Union attorney James Gilday said the local does a lot of community outreach, but the real question as to why it qualifies for the charitable and educational exemptions boils down to, "why unions arose over the last century and a half."

He went on to list gains including adequate wages, shorter work days, improved safety in the work place and civil rights protections.

"All of these things are what the union does at its core," Gilday said.

Indiana Tax Court Judge Martha Blood Wentworth responded during the hour-long exchange, "I think these are great; all good deeds."

But she repeatedly reminded Gilday that he had to convince her the benefits meet the legal definition for the exemptions.

"You need to tell me why it's charitable," she said before taking the case under consideration.

The hearing was just the latest in the union local's efforts to gain 100 percent exemption on its 12,000-square union hall and a lesser exemption on its 22,000-square-foot banquet/meeting center along the west side of Ind. 149, just south of U.S. 20 in Portage. The requests under consideration apply to assessment years 2008 and 2010, but similar requests are in the pipeline for 2012 and 2014.

The union local applied for the exemptions in 2008 and 2010, and the Porter County Property Tax Assessment Board of Appeals determined in the following years that both buildings were 100 percent taxable and the union appealed both to the state.

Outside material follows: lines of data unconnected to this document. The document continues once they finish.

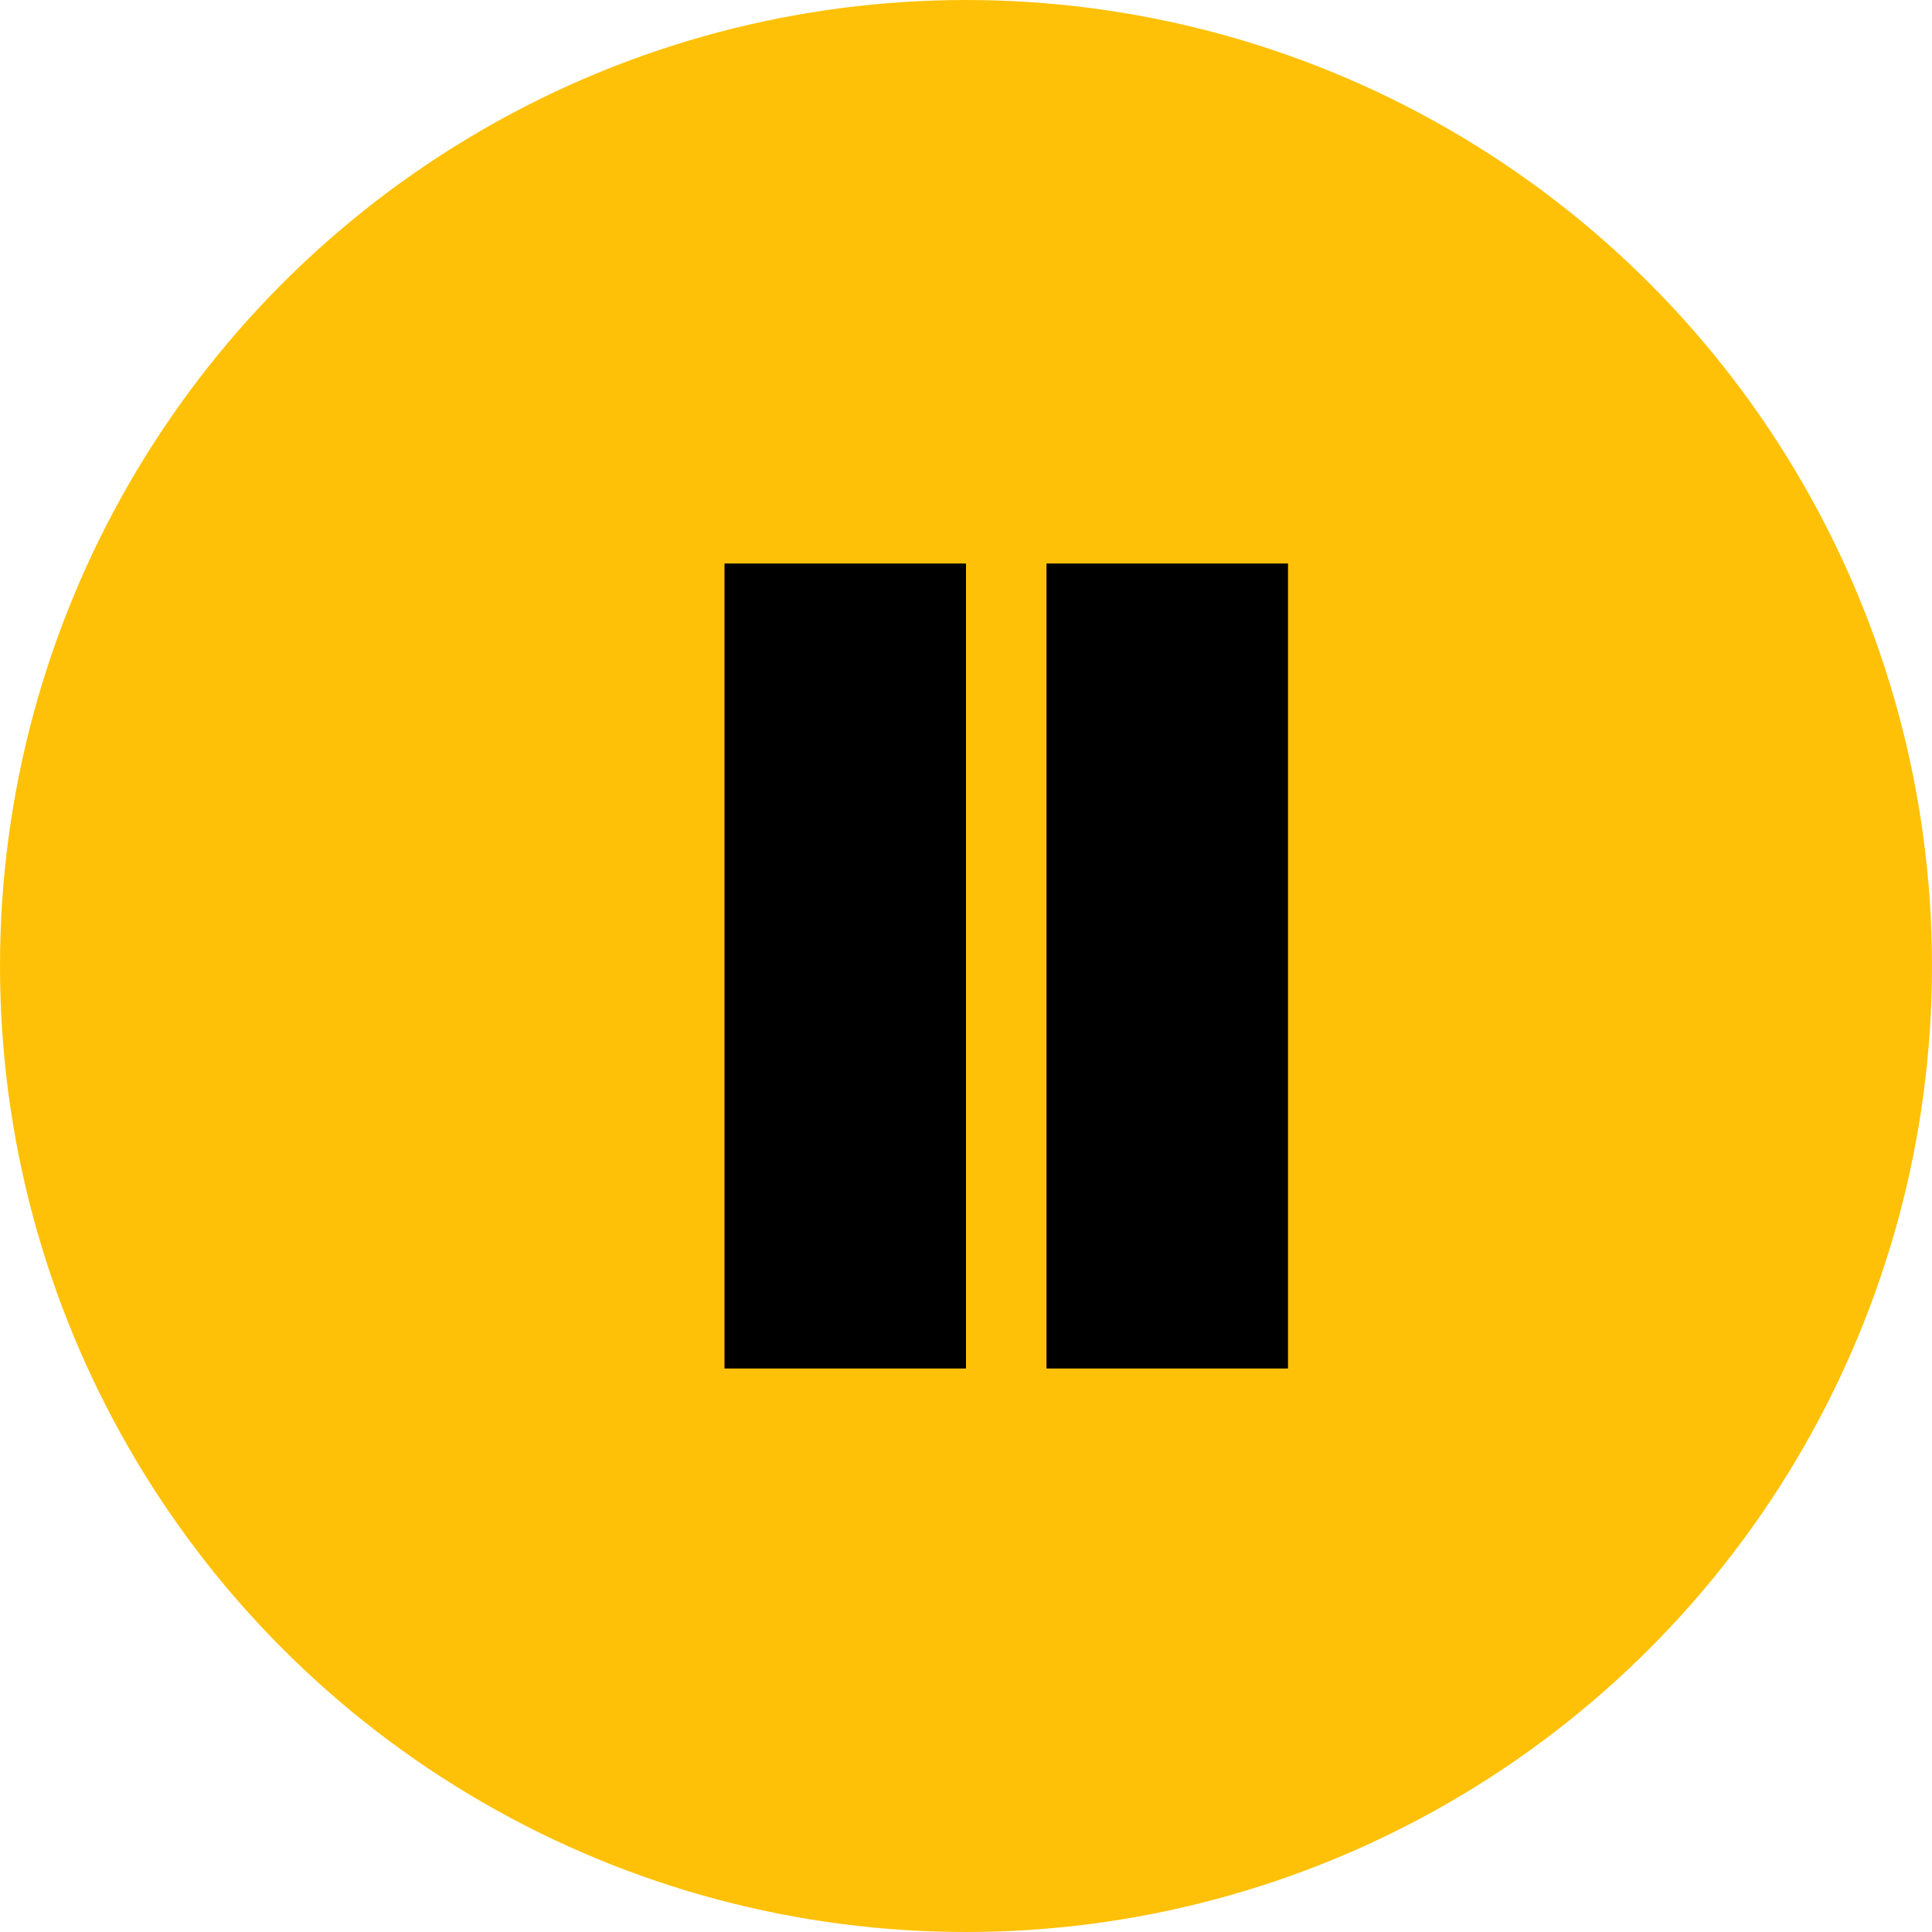 <svg width="24" height="24" viewBox="0 0 24 24" fill="none" xmlns="http://www.w3.org/2000/svg">
    <circle cx="12" cy="12" r="12" fill="#FFC107"/>
    <rect x="9" y="7" width="3" height="10" fill="black"/>
    <rect x="13" y="7" width="3" height="10" fill="black"/>
</svg>
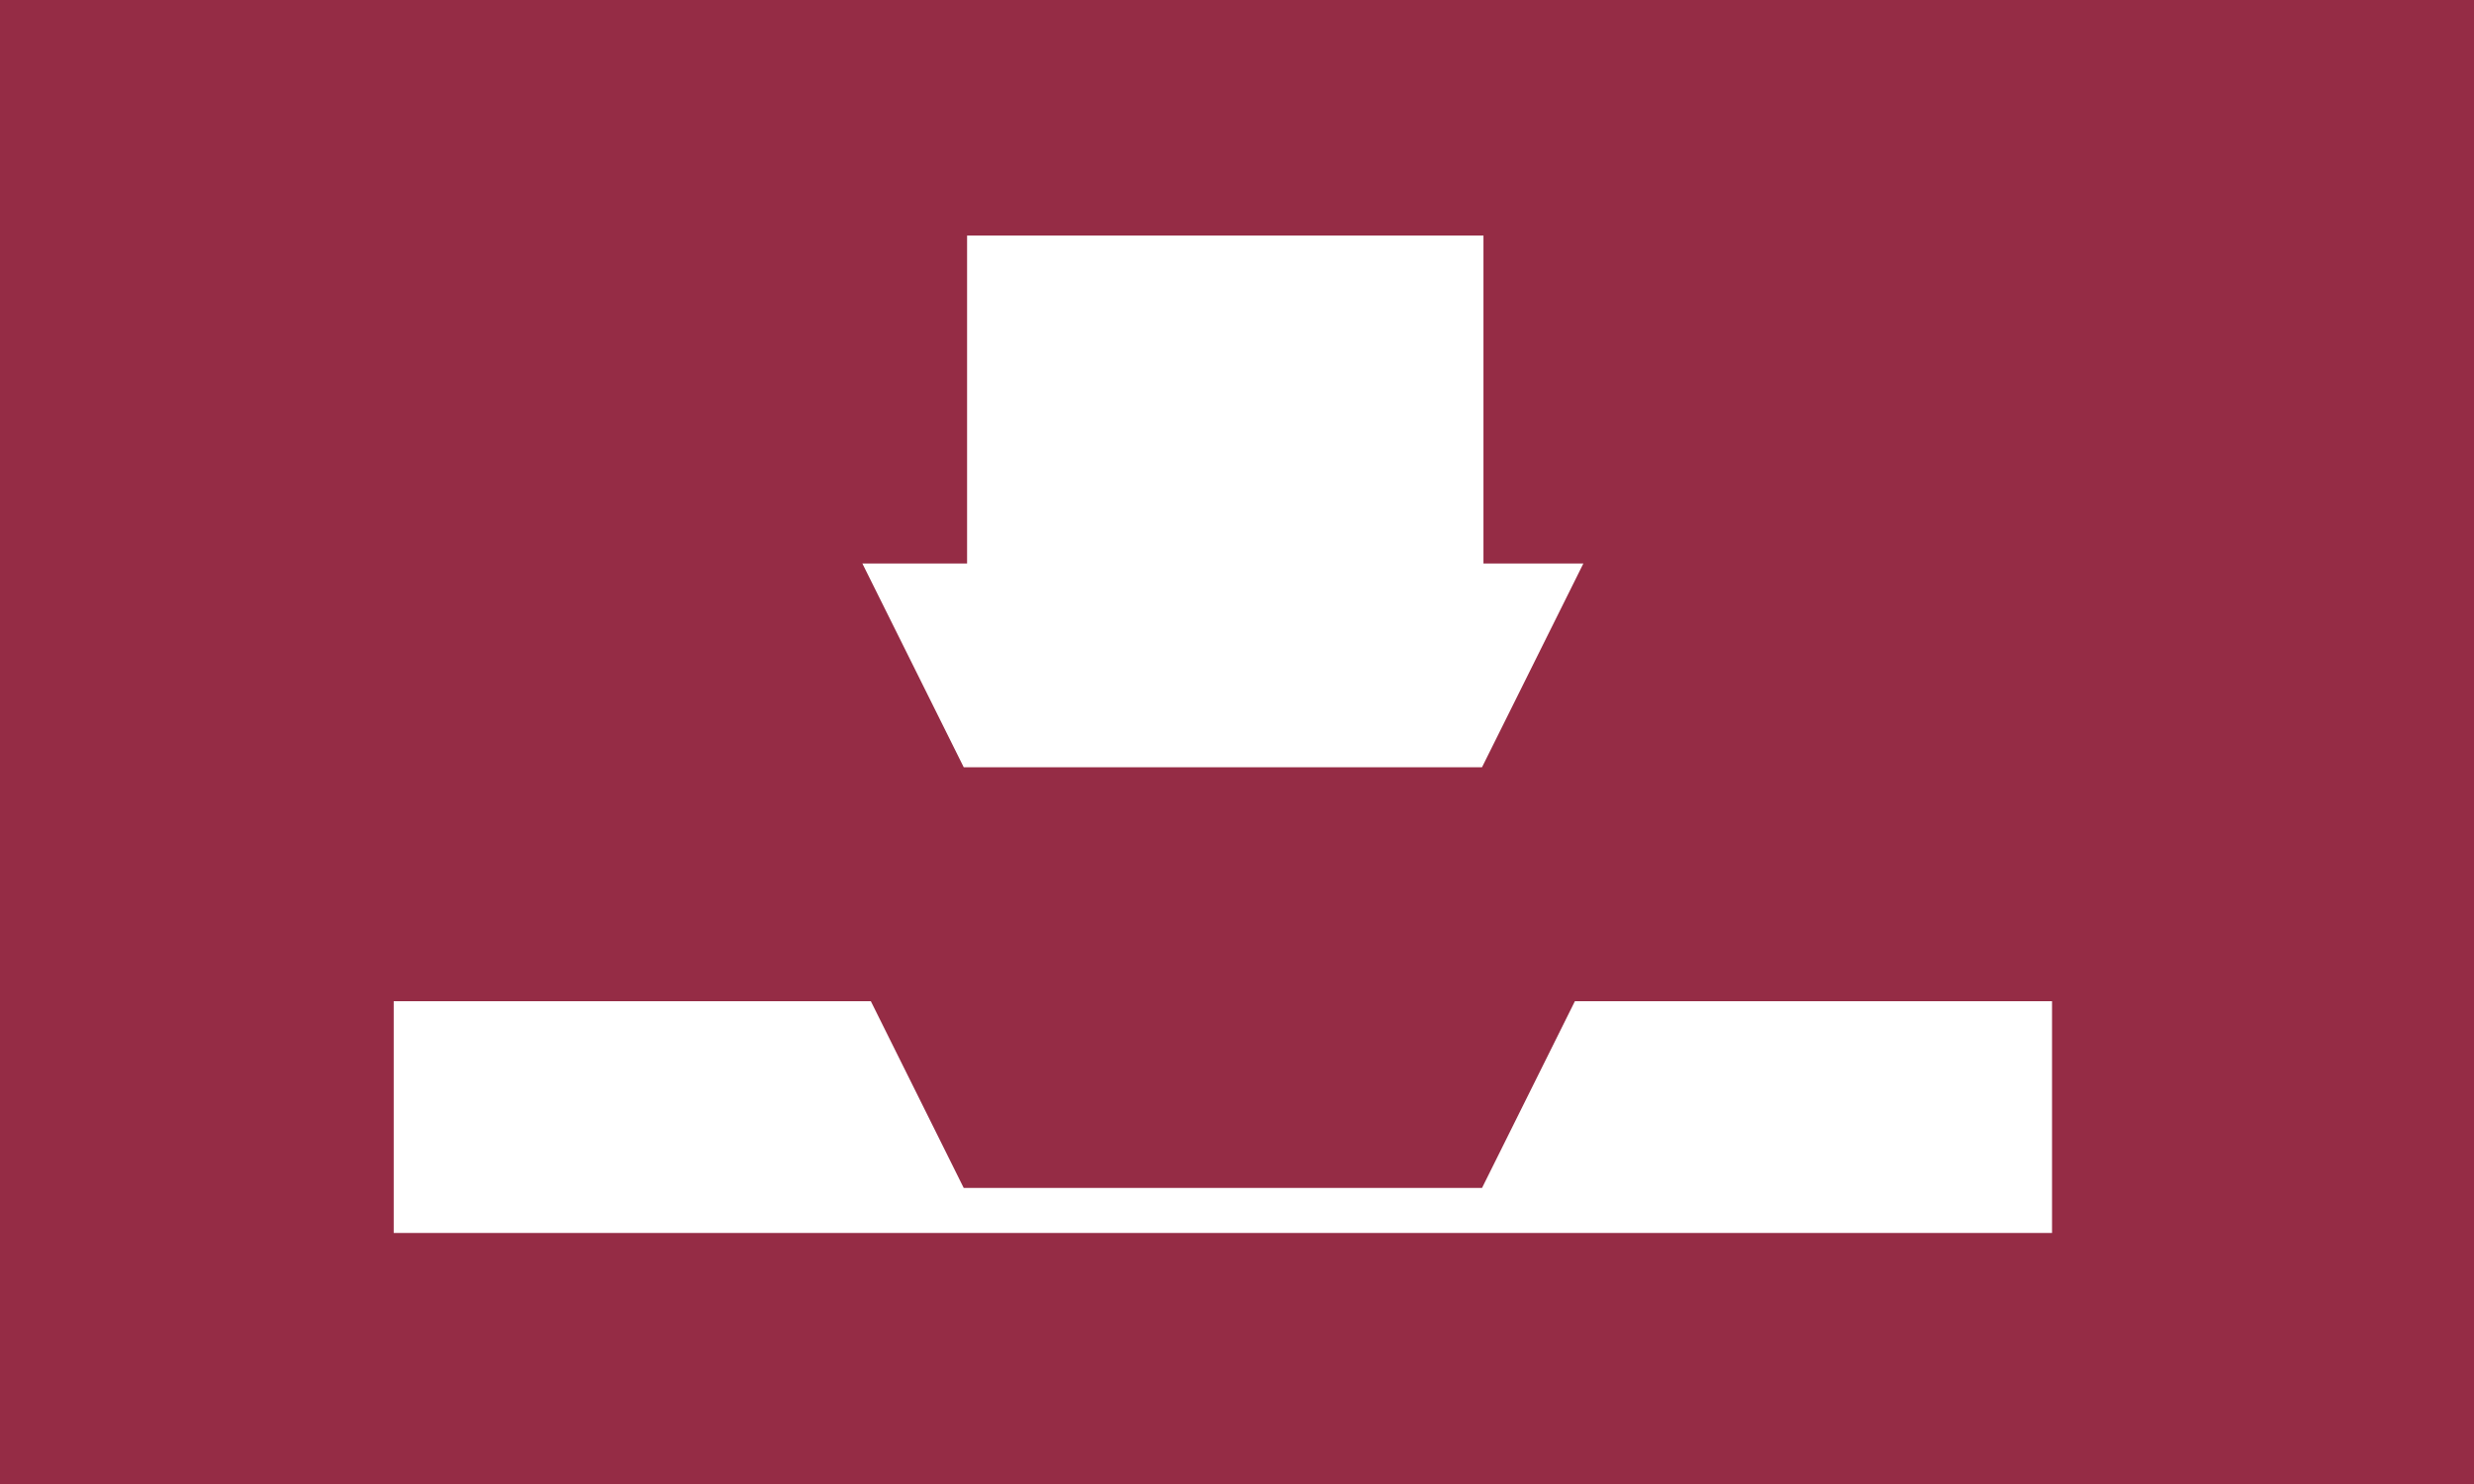 <?xml version="1.0" encoding="UTF-8"?>
<svg xmlns="http://www.w3.org/2000/svg" id="a" viewBox="0 0 500 300">
  <defs>
    <style>.b{fill:#fff;}.c{fill:#952c45;}</style>
  </defs>
  <rect class="c" width="500" height="300"></rect>
  <polygon class="b" points="299.52 155.1 320 113.92 174.29 113.92 194.77 155.1 299.52 155.1"></polygon>
  <rect class="b" x="195.45" y="47.62" width="104.36" height="79.33"></rect>
  <polygon class="b" points="318.29 202.4 299.52 240.15 194.77 240.15 176 202.4 79.57 202.4 79.57 249.25 414.72 249.25 414.72 202.4 318.29 202.4"></polygon>
</svg>

The state tax board heard appeals on both cases in November 2013 and later upheld the local denials.

Attorney Andrew Grein, who represented the Porter County assessor's office during Friday's hearing, argued via a remote connection in Valparaiso against the exemption request -- saying the union local promotes its members' interests.

"No one is disputing they do good deeds," he said.

But the largest share of what the union local does is negotiate and enforce its labor agreement to serve members, not the public as a whole, Grein said.

The challenge to the steelworkers is in part of a wider effort by Porter County Assessor Jon Snyder and the PTABOA to verify the legality of local tax exemptions.

The pair agreed in January to require a variety of entities holding 22 local properties to show why they should continue receiving tax breaks.